Together with the priest Nikolai Eschliman, Yakunin wrote an open letter in 1965 to the Patriarch of Moscow, Alexius I, where he argued that the Church must be liberated from the total control of the Soviet state. The letter was published as a samizdat ("self-published", i.e., underground press). In retaliation for this, he was forbidden to continue his priestly ministry in the parish in May 1966. Aleksandr Solzhenitsyn supported Gleb Yakunin and Nikolai Eschliman in his letter to Patriarch Alexius.

In 1976 he created the Christian Committee for the Defense of the Rights of Believers in the USSR. He published several hundreds of articles about the suppression of religious freedom in the Soviet Union. These documents were used by dissidents of all religious denominations. Yakunin was arrested and convicted for anti-Soviet agitation on 28 August 1980. He was kept in the KGB Lefortovo prison until 1985, and then in a labor camp known as "Perm 37". Later, he was punished by involuntary settlement in the Yakut Autonomous Soviet Socialist Republic.

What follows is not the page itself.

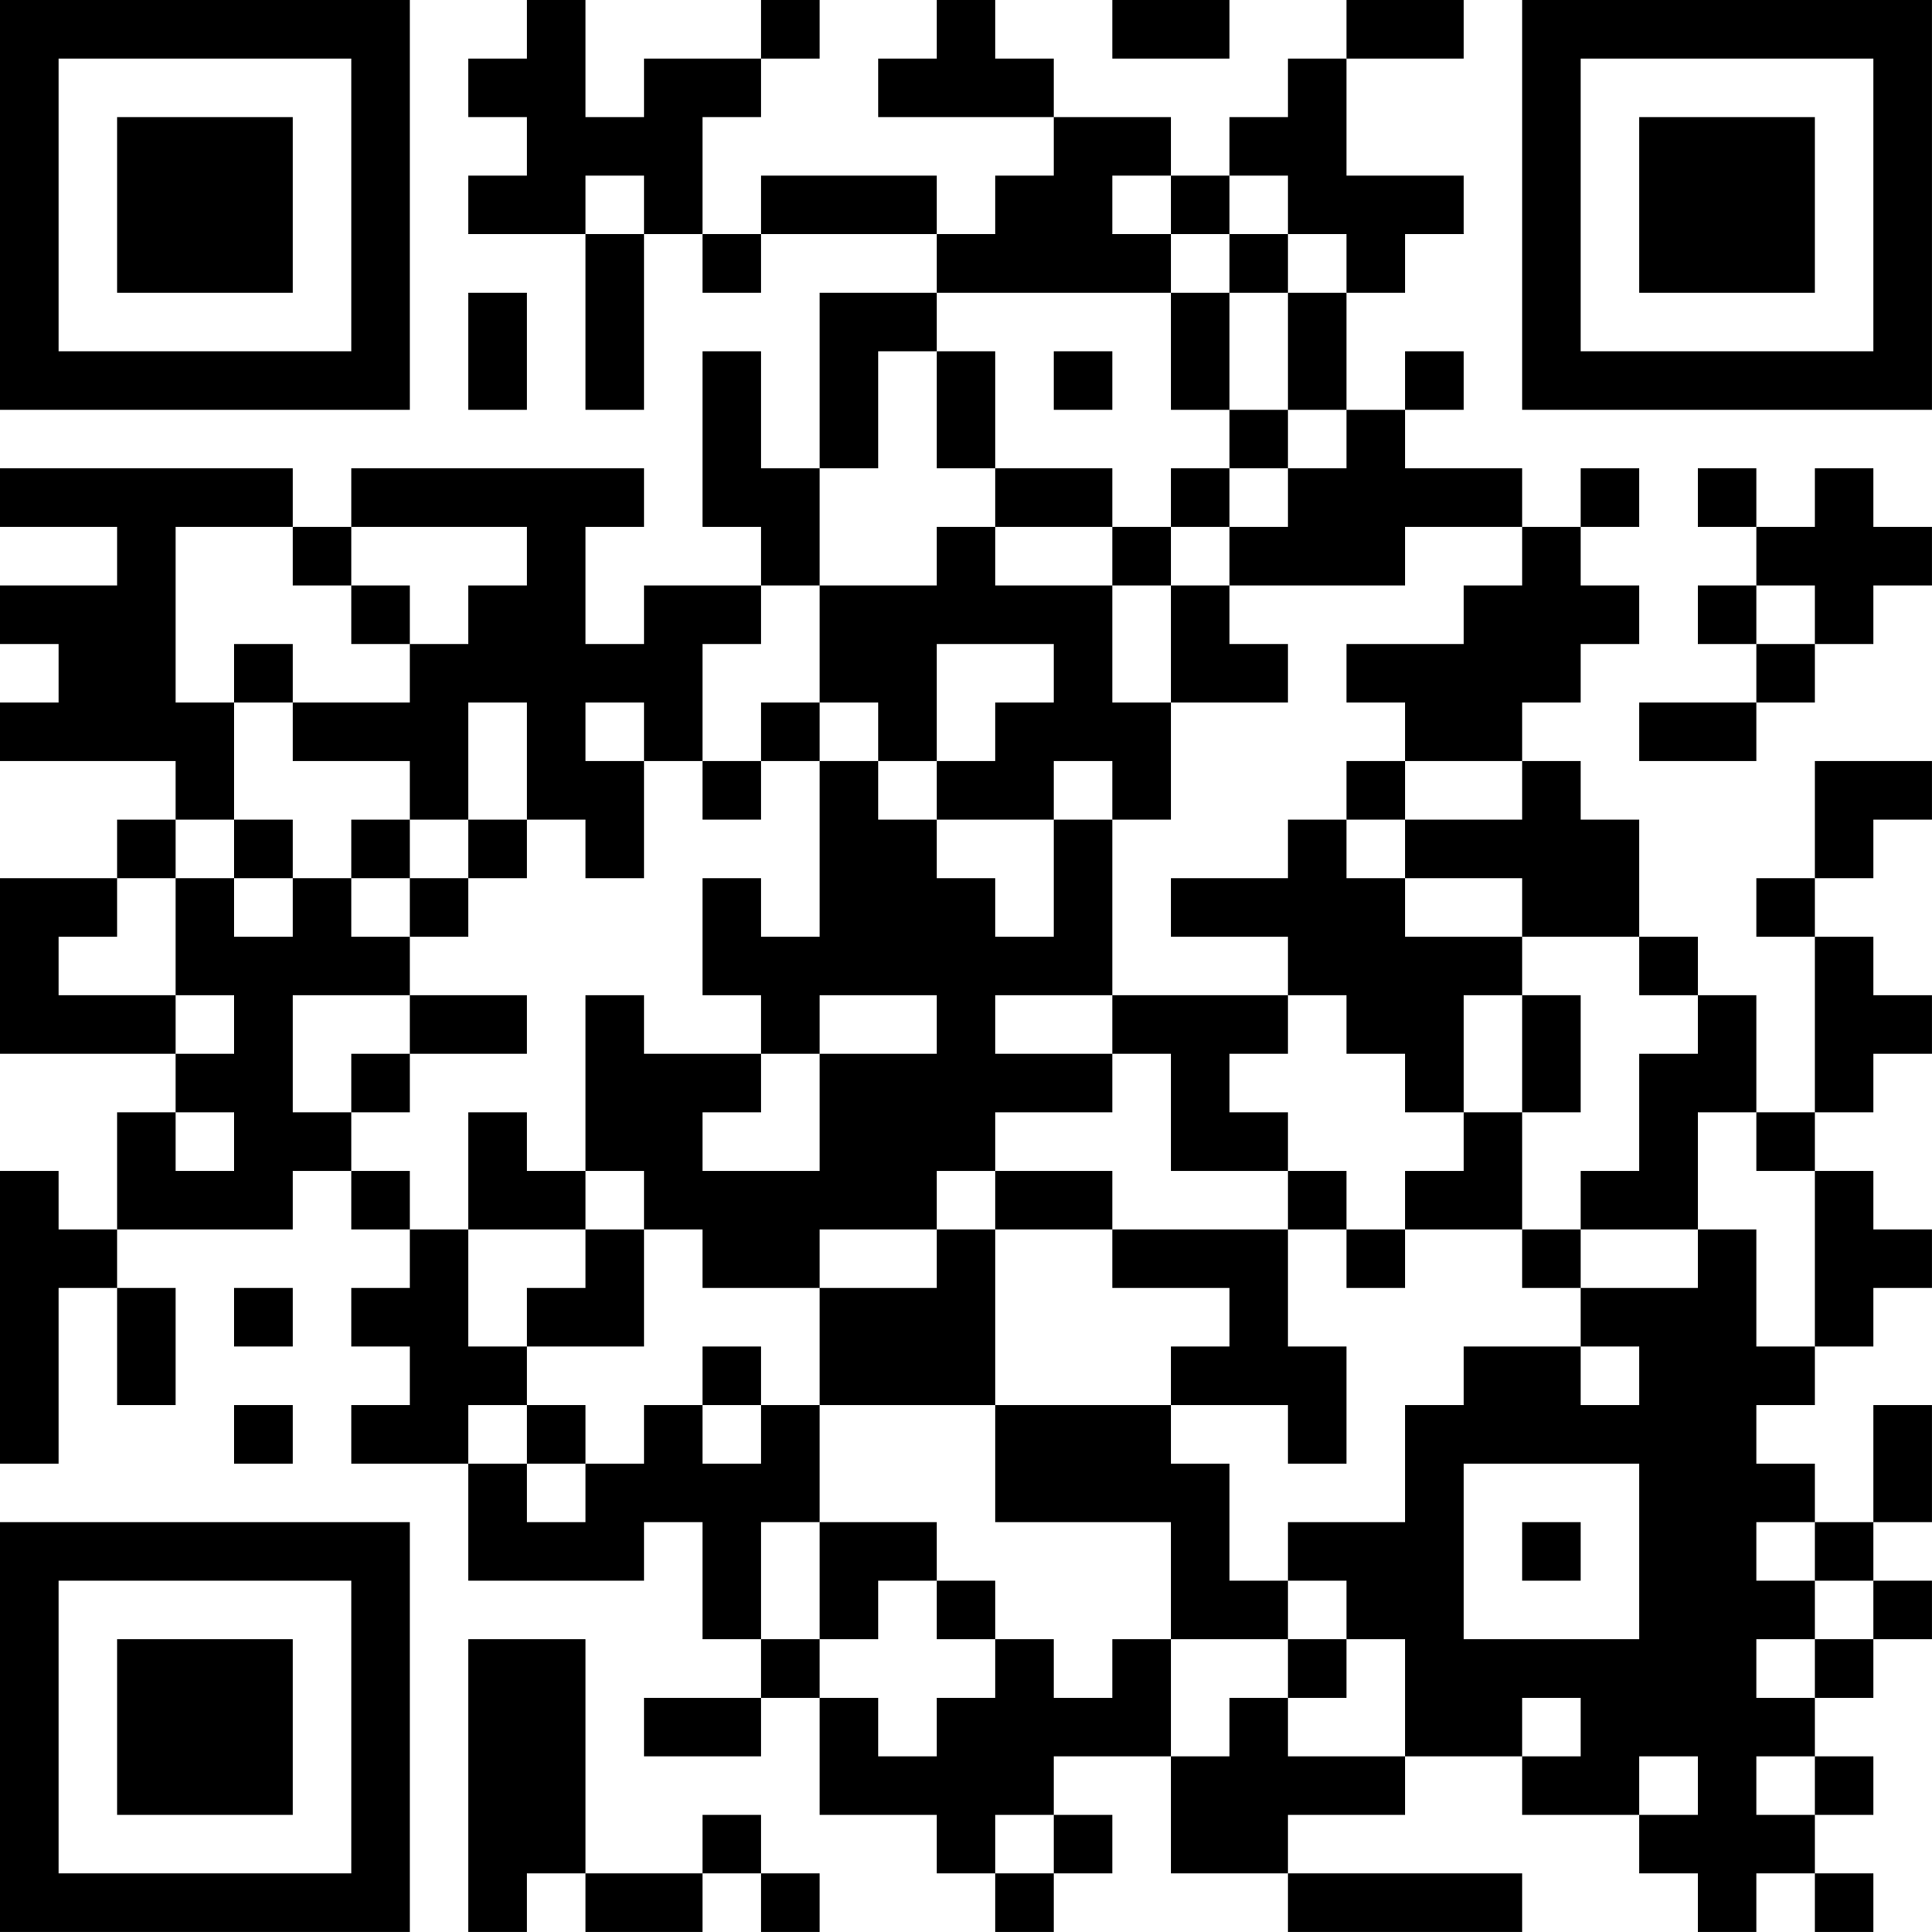 <?xml version="1.0" encoding="UTF-8"?>
<svg xmlns="http://www.w3.org/2000/svg" version="1.1" width="400" height="400" viewBox="0 0 400 400"><rect x="0" y="0" width="400" height="400" fill="#ffffff"/><g transform="scale(12.121)"><g transform="translate(0,0)"><path fill-rule="evenodd" d="M9 0L9 1L8 1L8 2L9 2L9 3L8 3L8 4L10 4L10 7L11 7L11 4L12 4L12 5L13 5L13 4L16 4L16 5L14 5L14 8L13 8L13 6L12 6L12 9L13 9L13 10L11 10L11 11L10 11L10 9L11 9L11 8L6 8L6 9L5 9L5 8L0 8L0 9L2 9L2 10L0 10L0 11L1 11L1 12L0 12L0 13L3 13L3 14L2 14L2 15L0 15L0 18L3 18L3 19L2 19L2 21L1 21L1 20L0 20L0 25L1 25L1 22L2 22L2 24L3 24L3 22L2 22L2 21L5 21L5 20L6 20L6 21L7 21L7 22L6 22L6 23L7 23L7 24L6 24L6 25L8 25L8 27L11 27L11 26L12 26L12 28L13 28L13 29L11 29L11 30L13 30L13 29L14 29L14 31L16 31L16 32L17 32L17 33L18 33L18 32L19 32L19 31L18 31L18 30L20 30L20 32L22 32L22 33L26 33L26 32L22 32L22 31L24 31L24 30L26 30L26 31L28 31L28 32L29 32L29 33L30 33L30 32L31 32L31 33L32 33L32 32L31 32L31 31L32 31L32 30L31 30L31 29L32 29L32 28L33 28L33 27L32 27L32 26L33 26L33 24L32 24L32 26L31 26L31 25L30 25L30 24L31 24L31 23L32 23L32 22L33 22L33 21L32 21L32 20L31 20L31 19L32 19L32 18L33 18L33 17L32 17L32 16L31 16L31 15L32 15L32 14L33 14L33 13L31 13L31 15L30 15L30 16L31 16L31 19L30 19L30 17L29 17L29 16L28 16L28 14L27 14L27 13L26 13L26 12L27 12L27 11L28 11L28 10L27 10L27 9L28 9L28 8L27 8L27 9L26 9L26 8L24 8L24 7L25 7L25 6L24 6L24 7L23 7L23 5L24 5L24 4L25 4L25 3L23 3L23 1L25 1L25 0L23 0L23 1L22 1L22 2L21 2L21 3L20 3L20 2L18 2L18 1L17 1L17 0L16 0L16 1L15 1L15 2L18 2L18 3L17 3L17 4L16 4L16 3L13 3L13 4L12 4L12 2L13 2L13 1L14 1L14 0L13 0L13 1L11 1L11 2L10 2L10 0ZM19 0L19 1L21 1L21 0ZM10 3L10 4L11 4L11 3ZM19 3L19 4L20 4L20 5L16 5L16 6L15 6L15 8L14 8L14 10L13 10L13 11L12 11L12 13L11 13L11 12L10 12L10 13L11 13L11 15L10 15L10 14L9 14L9 12L8 12L8 14L7 14L7 13L5 13L5 12L7 12L7 11L8 11L8 10L9 10L9 9L6 9L6 10L5 10L5 9L3 9L3 12L4 12L4 14L3 14L3 15L2 15L2 16L1 16L1 17L3 17L3 18L4 18L4 17L3 17L3 15L4 15L4 16L5 16L5 15L6 15L6 16L7 16L7 17L5 17L5 19L6 19L6 20L7 20L7 21L8 21L8 23L9 23L9 24L8 24L8 25L9 25L9 26L10 26L10 25L11 25L11 24L12 24L12 25L13 25L13 24L14 24L14 26L13 26L13 28L14 28L14 29L15 29L15 30L16 30L16 29L17 29L17 28L18 28L18 29L19 29L19 28L20 28L20 30L21 30L21 29L22 29L22 30L24 30L24 28L23 28L23 27L22 27L22 26L24 26L24 24L25 24L25 23L27 23L27 24L28 24L28 23L27 23L27 22L29 22L29 21L30 21L30 23L31 23L31 20L30 20L30 19L29 19L29 21L27 21L27 20L28 20L28 18L29 18L29 17L28 17L28 16L26 16L26 15L24 15L24 14L26 14L26 13L24 13L24 12L23 12L23 11L25 11L25 10L26 10L26 9L24 9L24 10L21 10L21 9L22 9L22 8L23 8L23 7L22 7L22 5L23 5L23 4L22 4L22 3L21 3L21 4L20 4L20 3ZM21 4L21 5L20 5L20 7L21 7L21 8L20 8L20 9L19 9L19 8L17 8L17 6L16 6L16 8L17 8L17 9L16 9L16 10L14 10L14 12L13 12L13 13L12 13L12 14L13 14L13 13L14 13L14 16L13 16L13 15L12 15L12 17L13 17L13 18L11 18L11 17L10 17L10 20L9 20L9 19L8 19L8 21L10 21L10 22L9 22L9 23L11 23L11 21L12 21L12 22L14 22L14 24L17 24L17 26L20 26L20 28L22 28L22 29L23 29L23 28L22 28L22 27L21 27L21 25L20 25L20 24L22 24L22 25L23 25L23 23L22 23L22 21L23 21L23 22L24 22L24 21L26 21L26 22L27 22L27 21L26 21L26 19L27 19L27 17L26 17L26 16L24 16L24 15L23 15L23 14L24 14L24 13L23 13L23 14L22 14L22 15L20 15L20 16L22 16L22 17L19 17L19 14L20 14L20 12L22 12L22 11L21 11L21 10L20 10L20 9L21 9L21 8L22 8L22 7L21 7L21 5L22 5L22 4ZM8 5L8 7L9 7L9 5ZM18 6L18 7L19 7L19 6ZM29 8L29 9L30 9L30 10L29 10L29 11L30 11L30 12L28 12L28 13L30 13L30 12L31 12L31 11L32 11L32 10L33 10L33 9L32 9L32 8L31 8L31 9L30 9L30 8ZM17 9L17 10L19 10L19 12L20 12L20 10L19 10L19 9ZM6 10L6 11L7 11L7 10ZM30 10L30 11L31 11L31 10ZM4 11L4 12L5 12L5 11ZM16 11L16 13L15 13L15 12L14 12L14 13L15 13L15 14L16 14L16 15L17 15L17 16L18 16L18 14L19 14L19 13L18 13L18 14L16 14L16 13L17 13L17 12L18 12L18 11ZM4 14L4 15L5 15L5 14ZM6 14L6 15L7 15L7 16L8 16L8 15L9 15L9 14L8 14L8 15L7 15L7 14ZM7 17L7 18L6 18L6 19L7 19L7 18L9 18L9 17ZM14 17L14 18L13 18L13 19L12 19L12 20L14 20L14 18L16 18L16 17ZM17 17L17 18L19 18L19 19L17 19L17 20L16 20L16 21L14 21L14 22L16 22L16 21L17 21L17 24L20 24L20 23L21 23L21 22L19 22L19 21L22 21L22 20L23 20L23 21L24 21L24 20L25 20L25 19L26 19L26 17L25 17L25 19L24 19L24 18L23 18L23 17L22 17L22 18L21 18L21 19L22 19L22 20L20 20L20 18L19 18L19 17ZM3 19L3 20L4 20L4 19ZM10 20L10 21L11 21L11 20ZM17 20L17 21L19 21L19 20ZM4 22L4 23L5 23L5 22ZM12 23L12 24L13 24L13 23ZM4 24L4 25L5 25L5 24ZM9 24L9 25L10 25L10 24ZM25 25L25 28L28 28L28 25ZM14 26L14 28L15 28L15 27L16 27L16 28L17 28L17 27L16 27L16 26ZM26 26L26 27L27 27L27 26ZM30 26L30 27L31 27L31 28L30 28L30 29L31 29L31 28L32 28L32 27L31 27L31 26ZM8 28L8 33L9 33L9 32L10 32L10 33L12 33L12 32L13 32L13 33L14 33L14 32L13 32L13 31L12 31L12 32L10 32L10 28ZM26 29L26 30L27 30L27 29ZM28 30L28 31L29 31L29 30ZM30 30L30 31L31 31L31 30ZM17 31L17 32L18 32L18 31ZM0 0L0 7L7 7L7 0ZM1 1L1 6L6 6L6 1ZM2 2L2 5L5 5L5 2ZM26 0L26 7L33 7L33 0ZM27 1L27 6L32 6L32 1ZM28 2L28 5L31 5L31 2ZM0 26L0 33L7 33L7 26ZM1 27L1 32L6 32L6 27ZM2 28L2 31L5 31L5 28Z" fill="#000000"/></g></g></svg>

Gleb Yakunin was given amnesty in March 1987 under Mikhail Gorbachev. He was allowed to return to Moscow and worked again as a priest until 1992.  He was rehabilitated in 1991. In 1990 Yakunin was elected to the Supreme Soviet of the Russian Federation and worked as deputy chairman the Parliamentary Committee for the Freedom of Conscience.  He was co-author of the law concerning "freedom of all denominations" that was used for the opening of churches and monasteries throughout the country.

Gleb Yakunin was a member of the committee created for the investigation of the Soviet coup attempt of 1991 and chaired by Lev Ponomaryov, and thereby gained the access to secret KGB archives. In March 1992 he published materials about the cooperation between the Moscow Patriarchate and the KGB. He published code names of several KGB agents who held high-rank positions in the Russian Orthodox Church including Patriarch Alexius II, Metropolitans Filaret of Kyiv, Pitrim of Volokolamsk, and others. The Russian Orthodox Church defrocked Yakunin in 1993.

Gleb Yakunin was one of the organizers of the Democratic Choice of Russia political alliance in 1993, prior to the opening of the Constituent Assembly of Russia called by the Russian president Boris Yeltsin. He became a State Duma delegate representing the party "Democratic Russia" in 1996. He created the Committee for Defense of Freedom of Conscience in 1995. He criticized the law "On Freedom of Conscience and Religious Associations" adopted by the Duma and made numerous statements in support of human rights in Russia.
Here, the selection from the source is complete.